Feb 29, 2024 Eine Nachricht hinterlassen

Forschungsstand von Titanlegierungen für Automobile

Derzeit ist die Kostenreduzierung die Hauptforschungsrichtung von Titanlegierungen für die Automobilindustrie. Angesichts der Merkmale der Kostenverteilung von Titanlegierungen für die Automobilindustrie konzentrieren sich die Materialforschungs- und -entwicklungsmitarbeiter hauptsächlich auf die folgenden zwei Aspekte, um das Ziel der Kostensenkung zu erreichen: die Entwicklung neuer, kostengünstiger Legierungssysteme und die Verwendung neuer Verarbeitungs- und Aufbereitungstechnik.

1. Neues kostengünstiges Titanlegierungssystem

Die Forschung und Entwicklung neuer, kostengünstiger Titanlegierungssysteme durch Arbeiter in verschiedenen Ländern konzentriert sich hauptsächlich auf die folgenden Aspekte: Legierungsdesign unter Verwendung kostengünstiger Legierungselemente und Legierungsdesign zur Verbesserung der Verarbeitungseigenschaften. Vertreter Japans und der Vereinigten Staaten sowie China haben außerdem erfolgreich zwei kostengünstige Titanlegierungen entwickelt, nämlich Ti8LC und Ti12LC. Kostengünstige Titanlegierungen für Automobile Bei der Gestaltung der Legierungszusammensetzung werden häufig billige Legierungselemente wie Fe, Cr, Si, Al usw. verwendet.

2. Neue Verarbeitungs- und Aufbereitungstechnologie

Die Verarbeitungskosten für Titanlegierungsmaterialien im Produktionsprozess machen mehr als 60 % der Gesamtkosten aus. Im Hinblick auf die Kostenreduzierung ist die Frage, wie die Verarbeitungskosten von Titanlegierungen gesenkt werden können, zu einer wichtigen Forschungsrichtung geworden. Diese Forschung gliedert sich hauptsächlich in zwei Aspekte: Zum einen geht es um die Verbesserung des traditionellen Gieß- und Schmiedeprozesses und zum anderen um den Einsatz der netznahen Pulvermetallurgietechnologie.

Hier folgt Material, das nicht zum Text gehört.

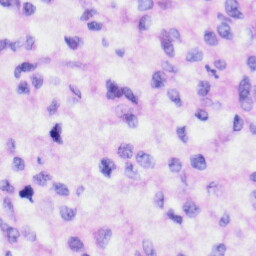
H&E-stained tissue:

Bei der Entwicklung neuer Schmiedeverfahren ist das Kaltschmieden derzeit eine der vielversprechendsten Methoden zur Herstellung von Automobilteilen aus Titanlegierungen. Die Verformungsbeständigkeit der Titanlegierung bei Raumtemperatur ist gering, das Schneiden und Bearbeiten hat eine gute Form, das Material kann kalt geschmiedet werden. Derzeit hat Japan drei Arten der Kaltverformung von Titanlegierungen entwickelt. Titanlegierungen weisen auch einige Nachteile beim Kaltschmieden auf, neigen zu ungleichmäßiger Verformung und bleiben leicht in der Form stecken. Daher ist die Massenproduktion von Titanlegierungen durch Kaltschmiedetechnologie eine gute Idee. Daher bedarf die Massenproduktion von Titanlegierungsteilen durch Kaltschmiedetechnologie weiterer Erforschung und Entwicklung.

Bei der Reduzierung der Verarbeitungskosten von Titanlegierungen ist die Pulvermetallurgie eine sehr wichtige Technologie. In der pulvermetallurgischen Herstellung von Automobilteilen nimmt das traditionelle Press-Sinter-Verfahren immer noch eine dominierende Stellung ein, hauptsächlich einschließlich des Elementarpulververfahrens (BE) und des vorlegierten Pulververfahrens (PA). Derzeit wird das Elementarpulververfahren aufgrund seines einfachen Prozesses und der geringeren Kosten am häufigsten im Bereich der kostengünstigen Titanlegierungspulvermetallurgie für die Automobilindustrie eingesetzt. In den letzten Jahren sind auch andere Technologien der Pulvermetallurgie auf dem Vormarsch, darunter die Laserumformtechnik, das Metallpulverspritzgießen (MIM) und andere Technologien, die bei der Versuchsproduktion und Herstellung komplexer Automobilteile weit verbreitet sind und die Produktentwicklung erheblich verkürzen können und Produktionszyklus verbessern und die Kosten weiter senken.